(Saved data entries)
= Beginning of Section =

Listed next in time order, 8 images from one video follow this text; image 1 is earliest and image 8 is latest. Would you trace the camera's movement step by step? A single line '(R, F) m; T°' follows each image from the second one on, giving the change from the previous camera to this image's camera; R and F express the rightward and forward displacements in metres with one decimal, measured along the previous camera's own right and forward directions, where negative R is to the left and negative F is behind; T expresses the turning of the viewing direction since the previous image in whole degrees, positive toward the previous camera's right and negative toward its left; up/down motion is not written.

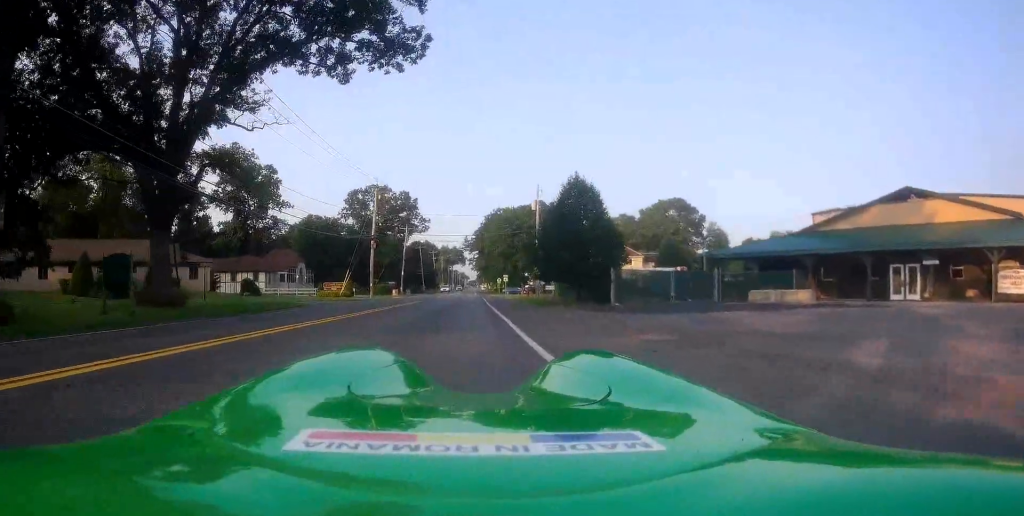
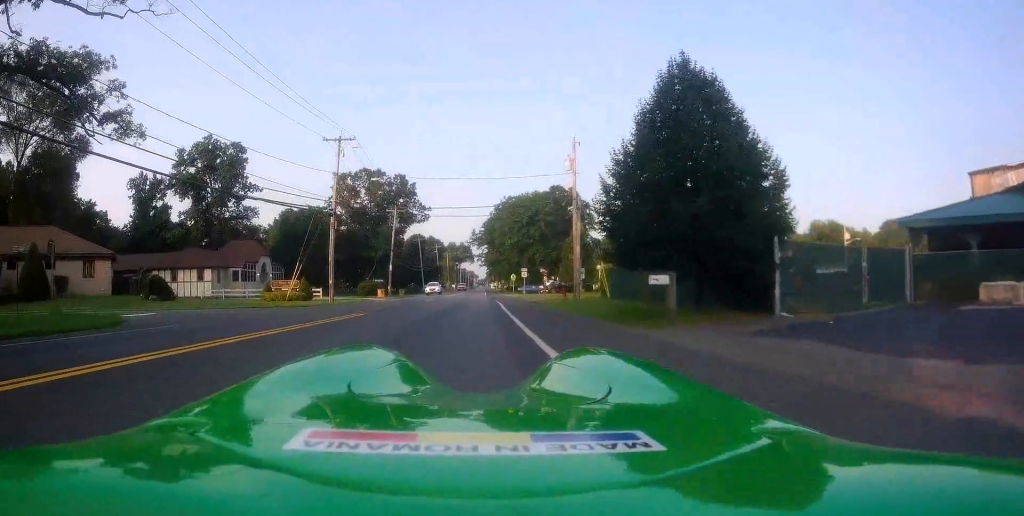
(-0.6, +19.3) m; -5°
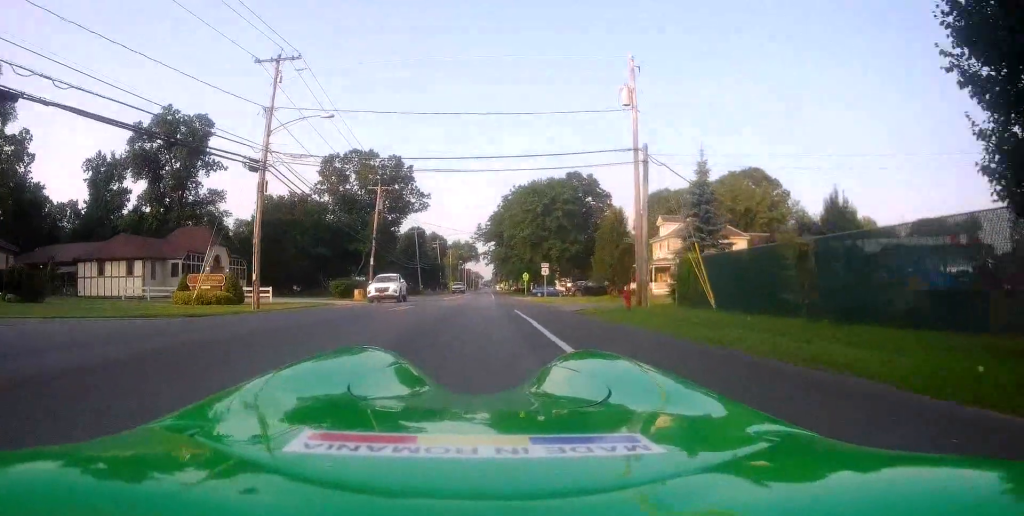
(+0.7, +14.6) m; +6°
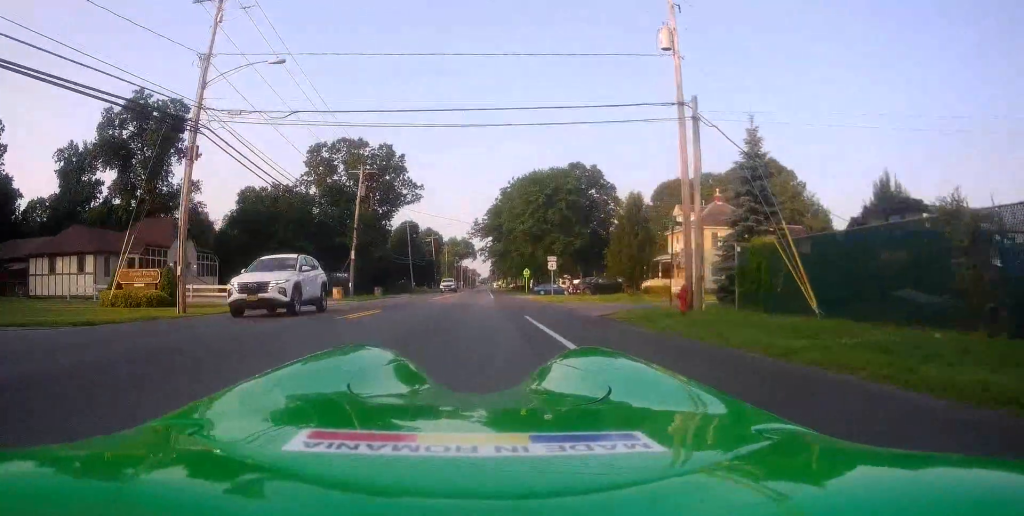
(+0.1, +6.7) m; -1°
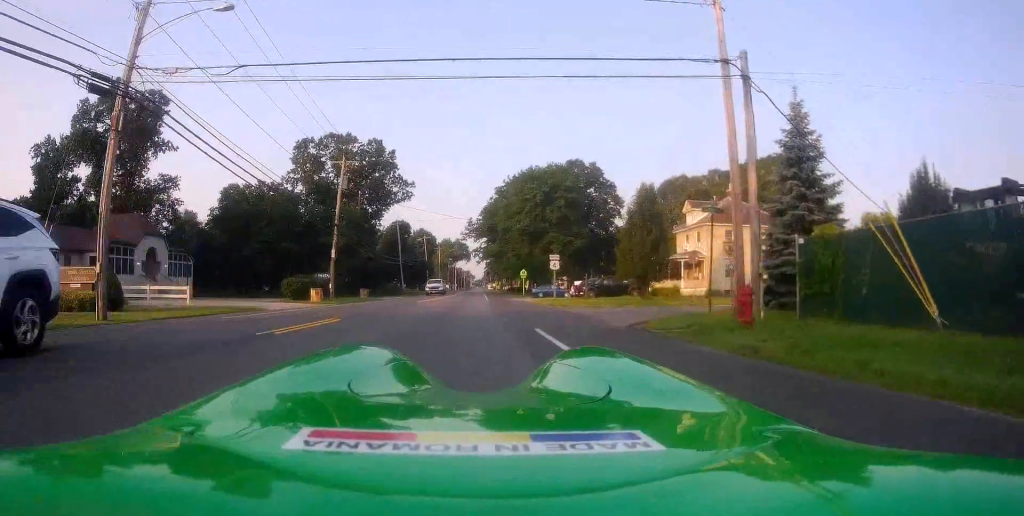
(+0.1, +4.4) m; -2°
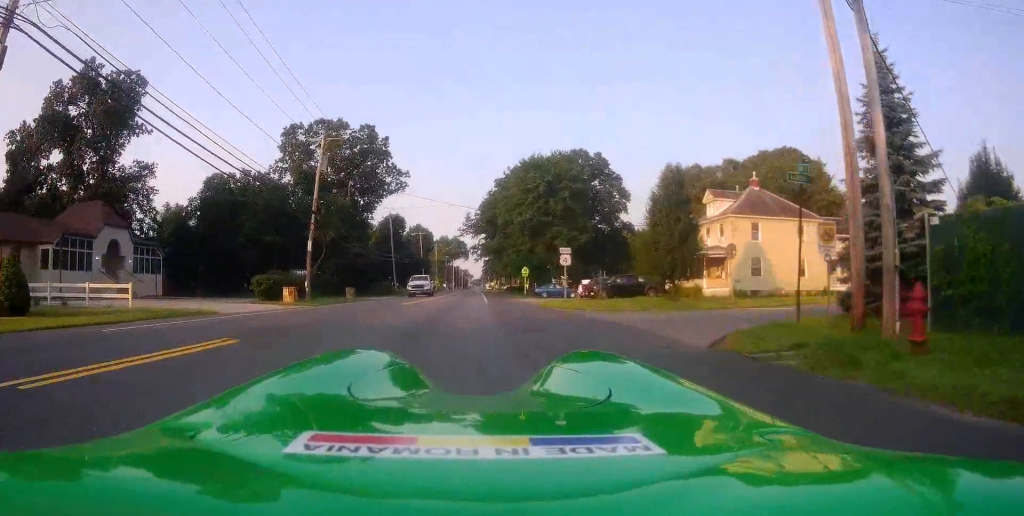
(-0.3, +5.6) m; -2°
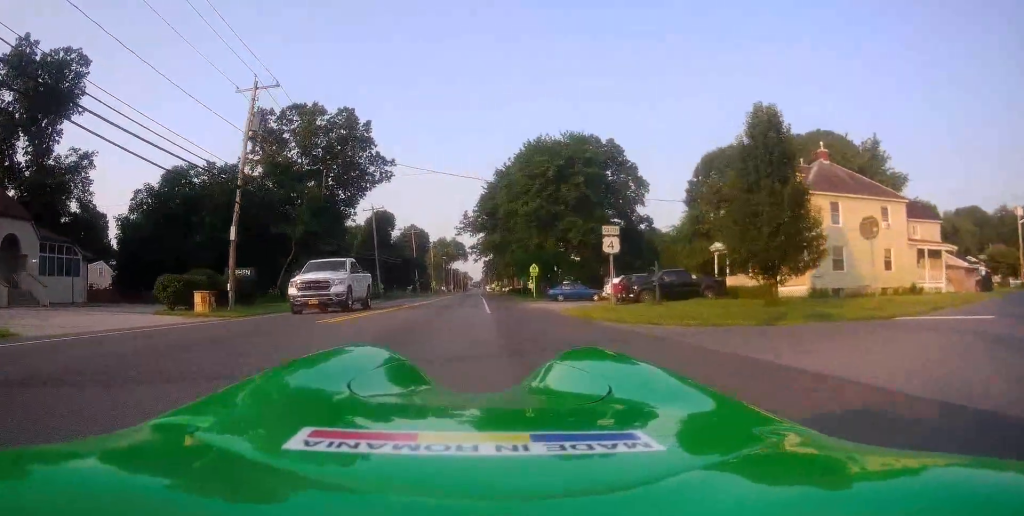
(-0.2, +11.6) m; +1°
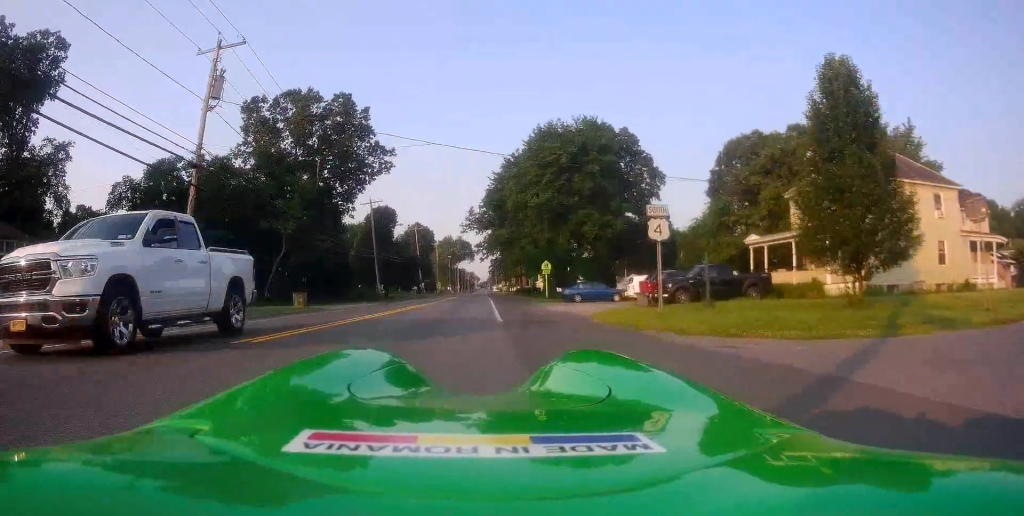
(+0.1, +4.8) m; +2°
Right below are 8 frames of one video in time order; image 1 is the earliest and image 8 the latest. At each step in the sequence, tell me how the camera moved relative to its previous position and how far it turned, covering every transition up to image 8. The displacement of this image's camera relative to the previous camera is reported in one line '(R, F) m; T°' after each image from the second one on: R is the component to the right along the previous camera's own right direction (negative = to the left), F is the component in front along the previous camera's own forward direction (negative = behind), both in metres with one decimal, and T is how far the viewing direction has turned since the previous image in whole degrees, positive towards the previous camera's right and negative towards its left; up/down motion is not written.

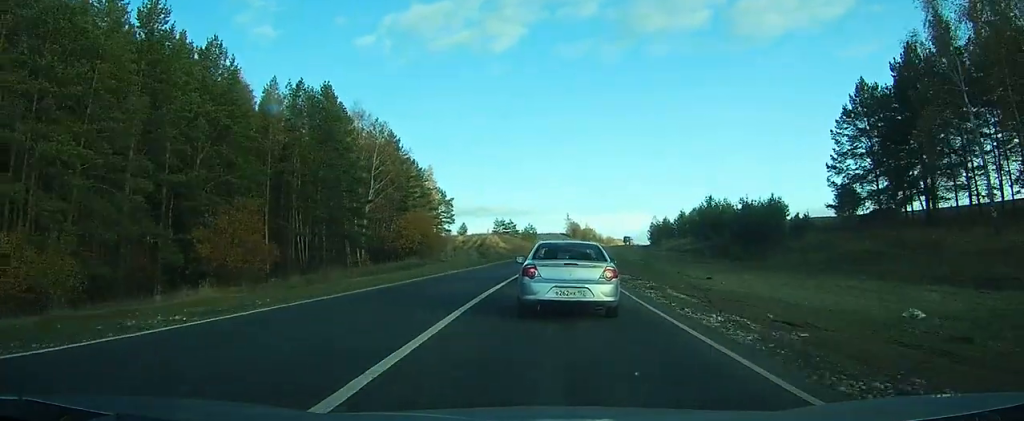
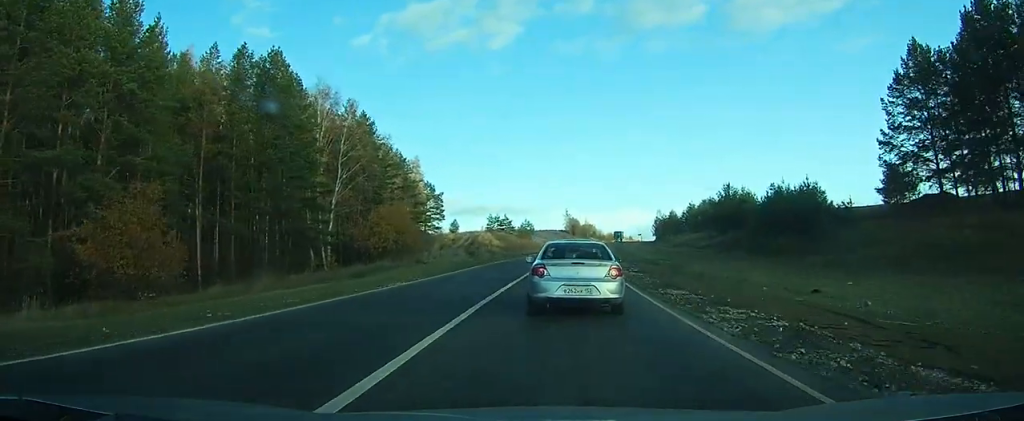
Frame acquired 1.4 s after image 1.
(0.0, +11.5) m; +1°
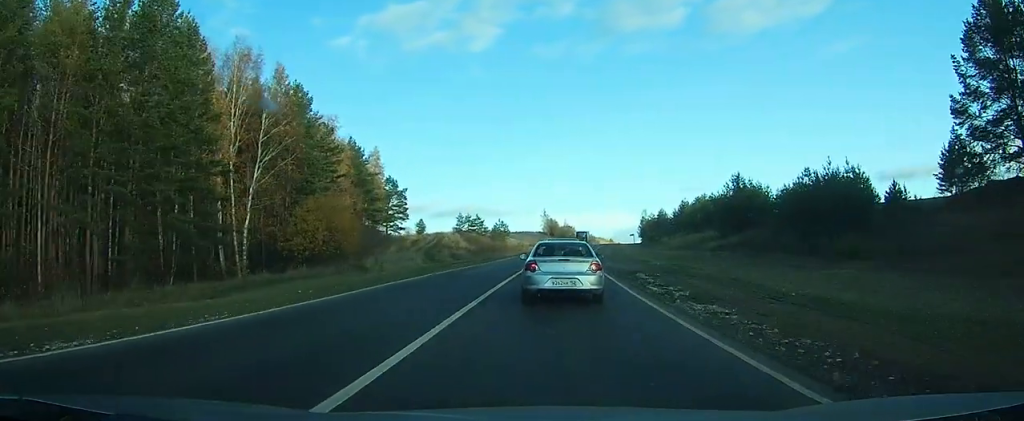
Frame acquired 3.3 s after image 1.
(+0.3, +15.2) m; +2°
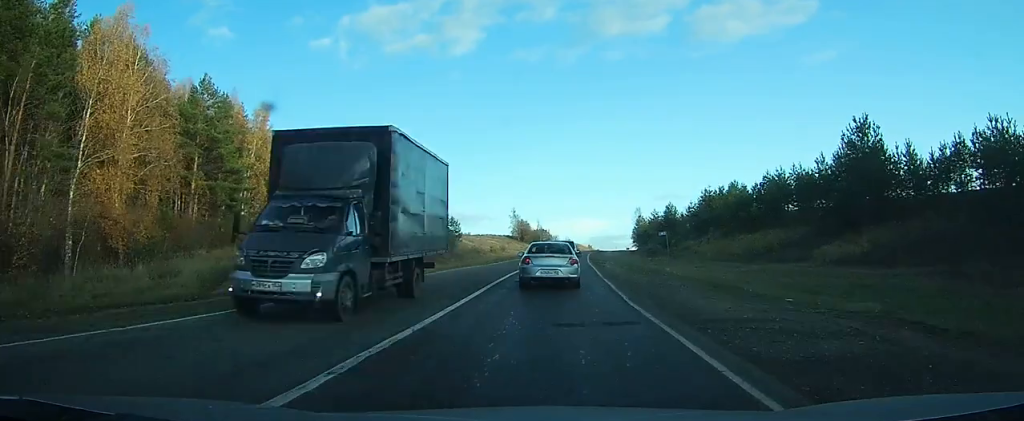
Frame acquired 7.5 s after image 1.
(+1.0, +39.5) m; +3°
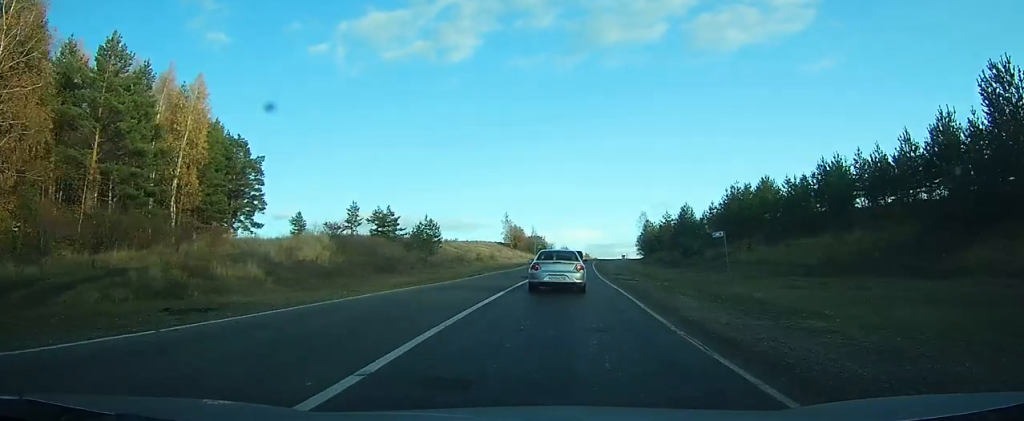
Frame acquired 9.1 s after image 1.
(+0.1, +15.7) m; +1°
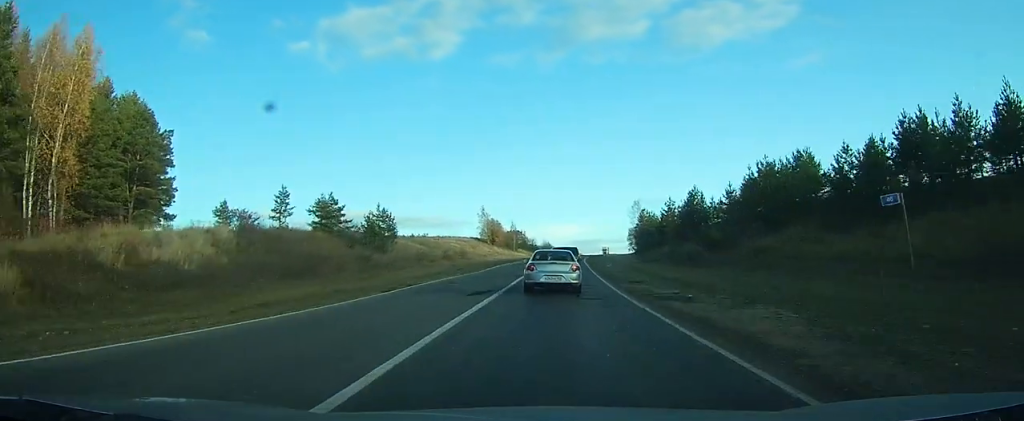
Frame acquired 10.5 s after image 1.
(+0.1, +15.4) m; +1°
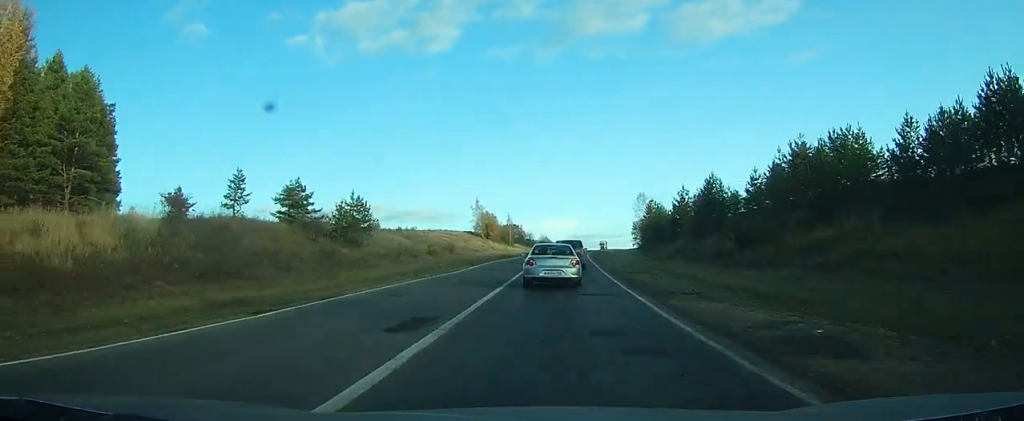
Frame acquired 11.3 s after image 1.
(+0.1, +8.5) m; 0°
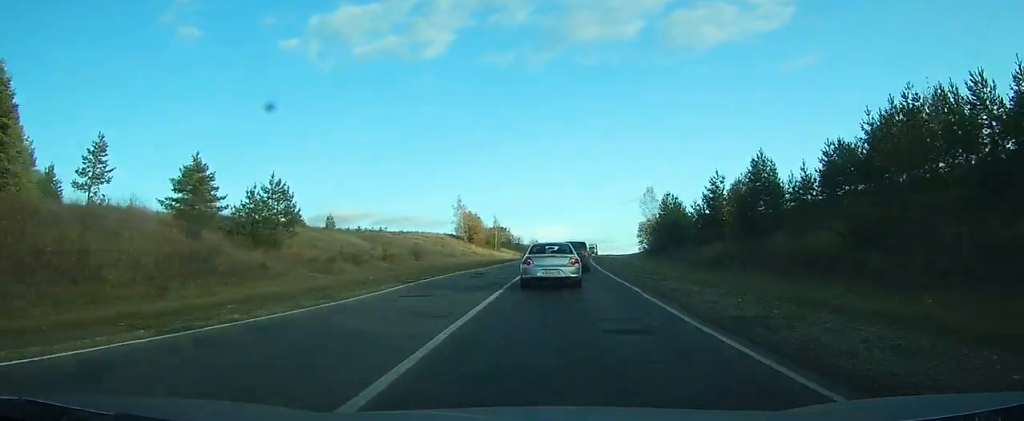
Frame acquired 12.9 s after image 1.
(0.0, +16.3) m; 0°

= End of Section =

Write out the lines that run from the line containing "Frame acquired 7.5 s after image 1." to the end of the entries, inclusive, exactly as written. Skip every picture.

Answer:
Frame acquired 7.5 s after image 1.
(+1.0, +39.5) m; +3°
Frame acquired 9.1 s after image 1.
(+0.1, +15.7) m; +1°
Frame acquired 10.5 s after image 1.
(+0.1, +15.4) m; +1°
Frame acquired 11.3 s after image 1.
(+0.1, +8.5) m; 0°
Frame acquired 12.9 s after image 1.
(0.0, +16.3) m; 0°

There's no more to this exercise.